1/2 cup pepperoni slices (or your choice of toppings such as sausage, mushrooms, bell peppers, olives)
1/4 cup grated Parmesan cheese
1 teaspoon dried oregano
1 teaspoon dried basil
1/2 teaspoon garlic powder
1/4 teaspoon red pepper flakes (optional)
Finishing
Olive oil for brushing (optional)
Instructions
Preheat Oven: Preheat your oven to 375°F (190°C) to prepare for baking the pot pies.
Prepare Ramekins: Lightly grease 4-6 small ramekins or oven-safe bowls depending on their size to prevent sticking.
Roll Dough: Roll out the pizza dough on a lightly floured surface to about 1/8 inch thickness for a thin crust.
Cut Dough: Cut the dough into circles or squares large enough to fit into your ramekins, leaving about 1 inch of dough hanging over the sides for sealing.
Form Crusts: Gently press the dough into the bottom and sides of each ramekin to create a crust base that will hold the filling.
Add Sauce: Spoon about 2 tablespoons of pizza sauce into the bottom of each crust for a flavorful base.
Add Cheese: Sprinkle 2-3 tablespoons of shredded mozzarella cheese evenly over the sauce layer in each ramekin.
Add Toppings: Add a few slices of pepperoni or any other desired toppings like sausage, mushrooms, bell peppers, or olives.
Season: Sprinkle grated Parmesan cheese, dried oregano, basil, garlic powder, and optional red pepper flakes over the fillings for a herby, savory flavor.
Top with Cheese and Cover: Add more mozzarella cheese on top, then fold the overhanging dough over to partially cover the filling, creating a sealed pot pie surface.
Brush with Olive Oil: Brush the tops with a little olive oil if desired to achieve a golden, shiny crust when baked.
Bake: Place the ramekins on a baking sheet and bake in the preheated oven for 25 minutes until the dough is golden and the cheese is melted and bubbly.
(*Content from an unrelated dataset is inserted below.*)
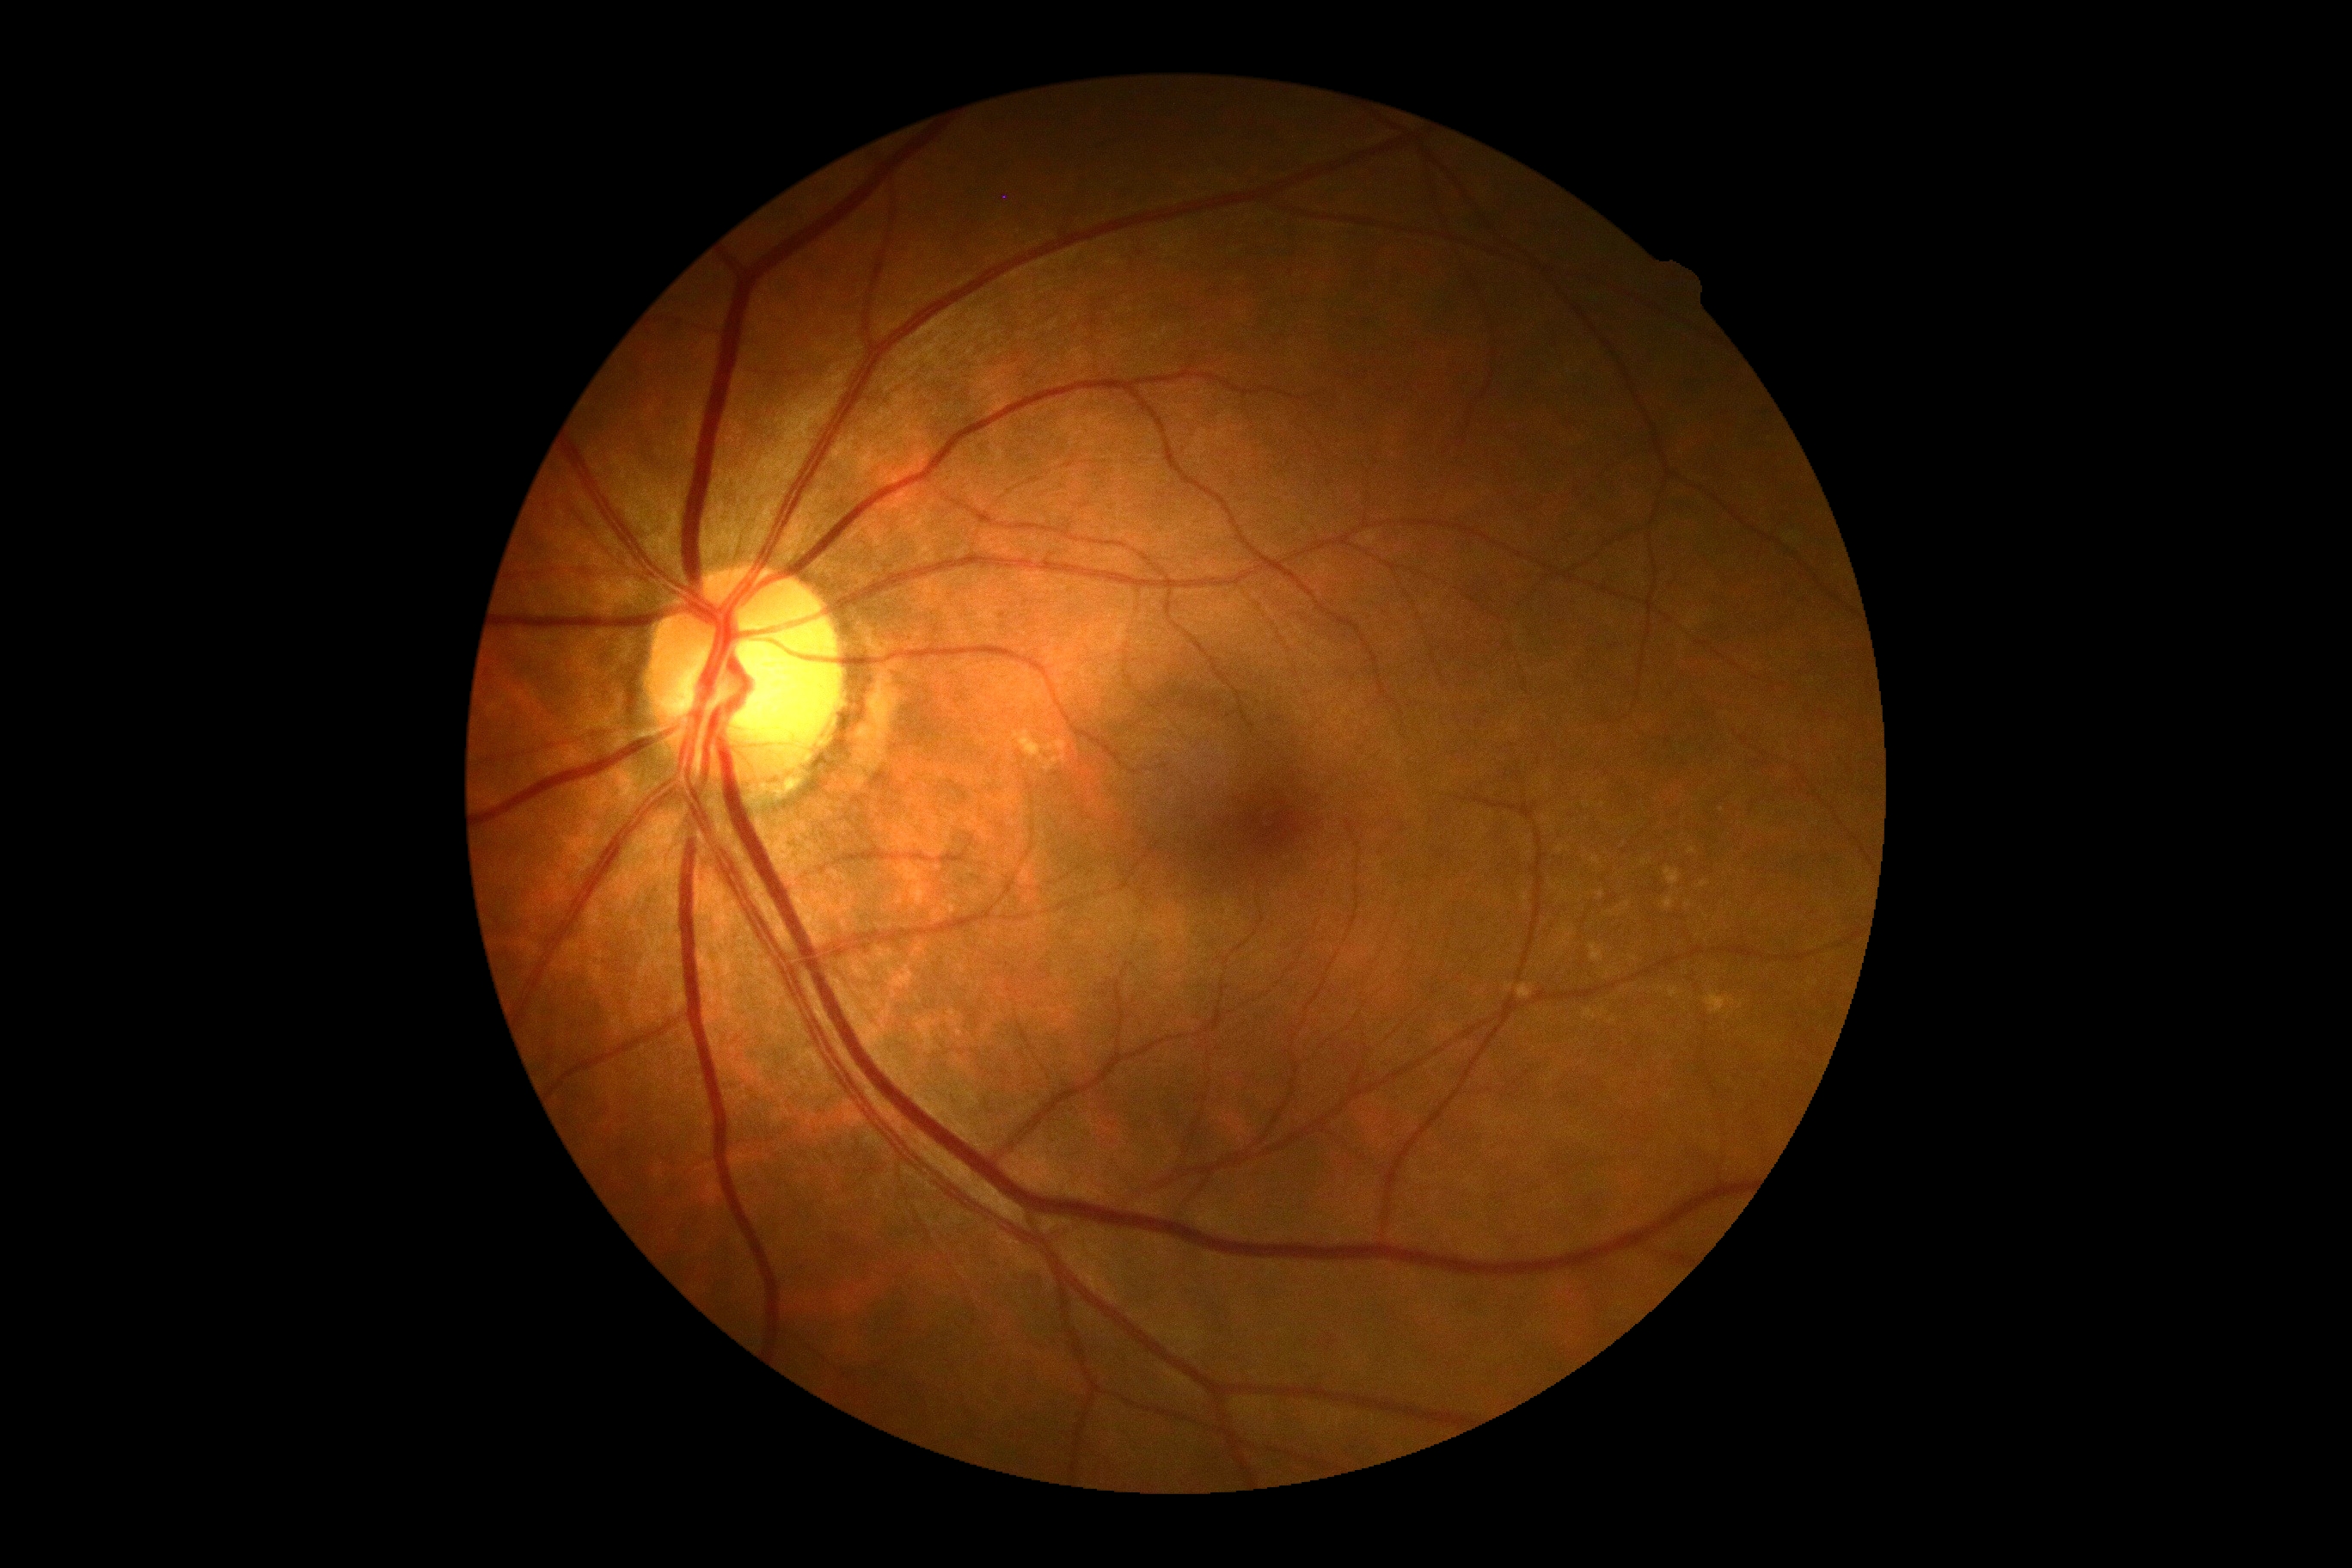

Findings:
• DR severity: grade 0 (no apparent retinopathy)
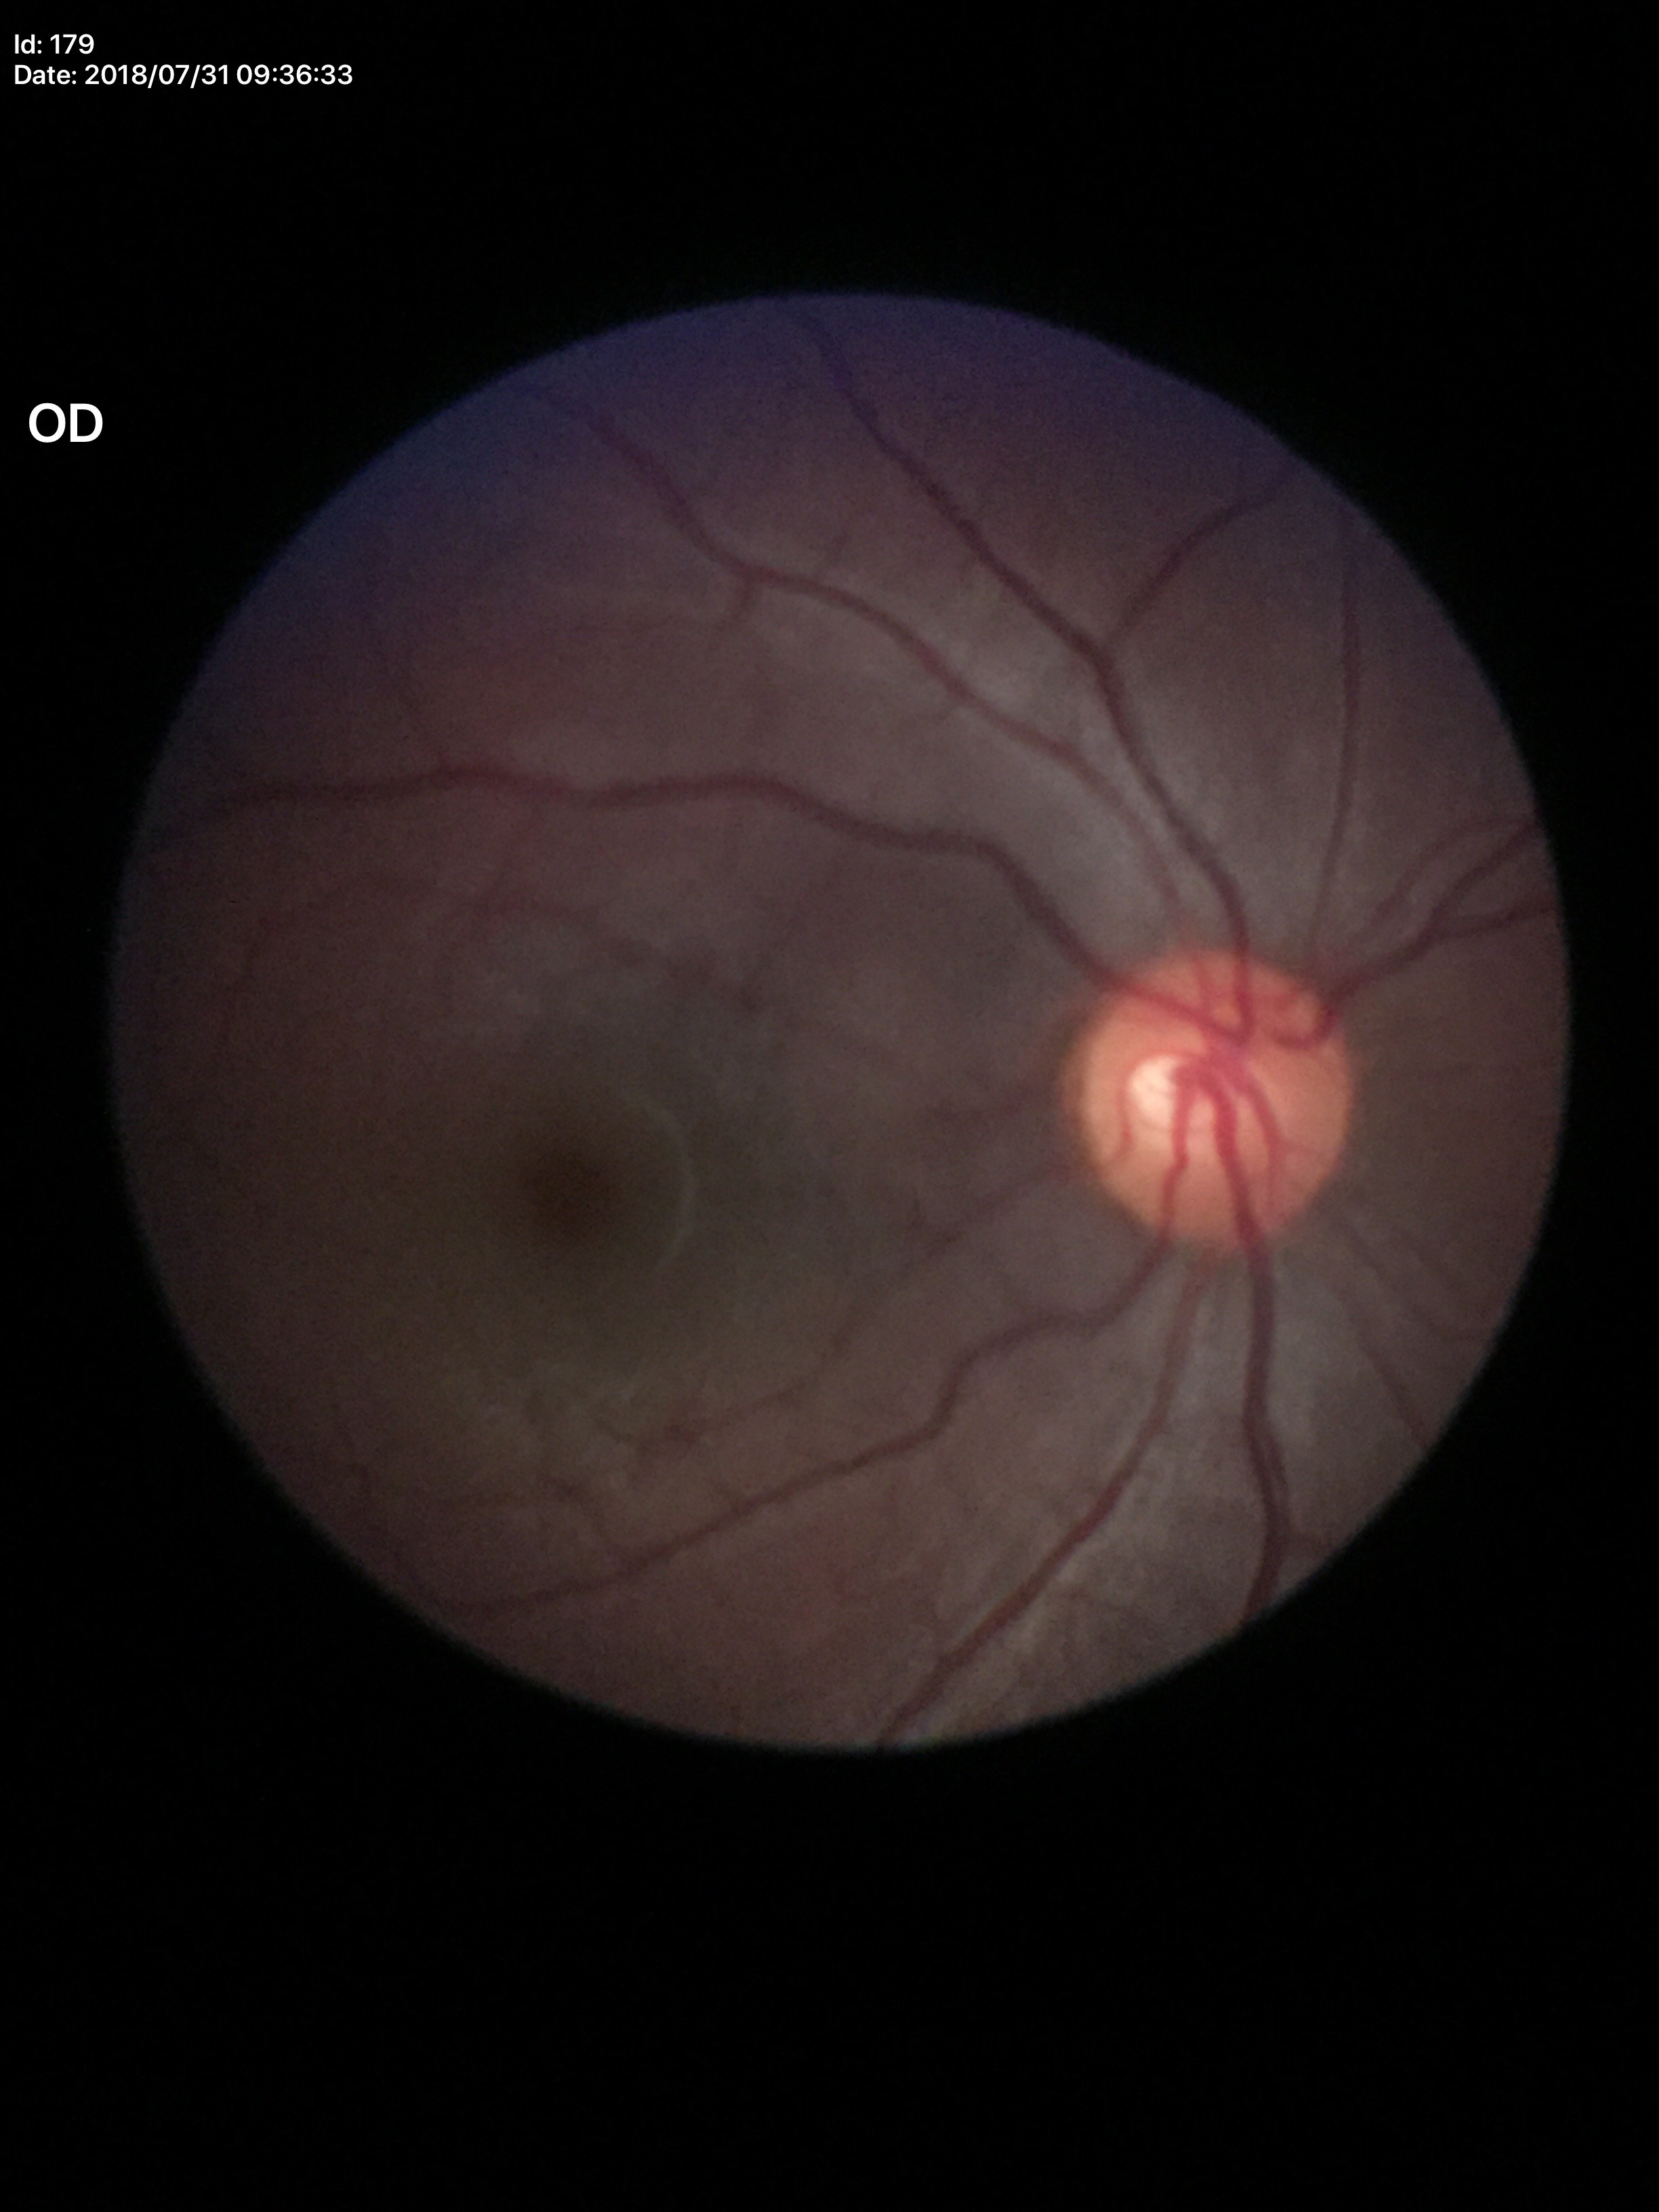
No glaucomatous findings (all 5 graders called normal). Vertical cup-disc ratio of 0.50. Horizontal cup-to-disc ratio is 0.55.

Cool and Serve: Allow the pies to cool for 5 minutes before serving hot with extra marinara sauce on the side for dipping.
Notes
If you don’t have ramekins, small oven-safe bowls or even muffin tins can be used as an alternative.
You can customize toppings to your preference with sausage, mushrooms, bell peppers, olives, or even vegetarian options.
Brushing olive oil on the dough before baking helps the crust brown nicely but can be skipped if preferred.
Let the pot pies cool slightly after baking to avoid burning your mouth and help the filling set.
Use store-bought pizza dough for convenience or homemade dough for a fresher taste.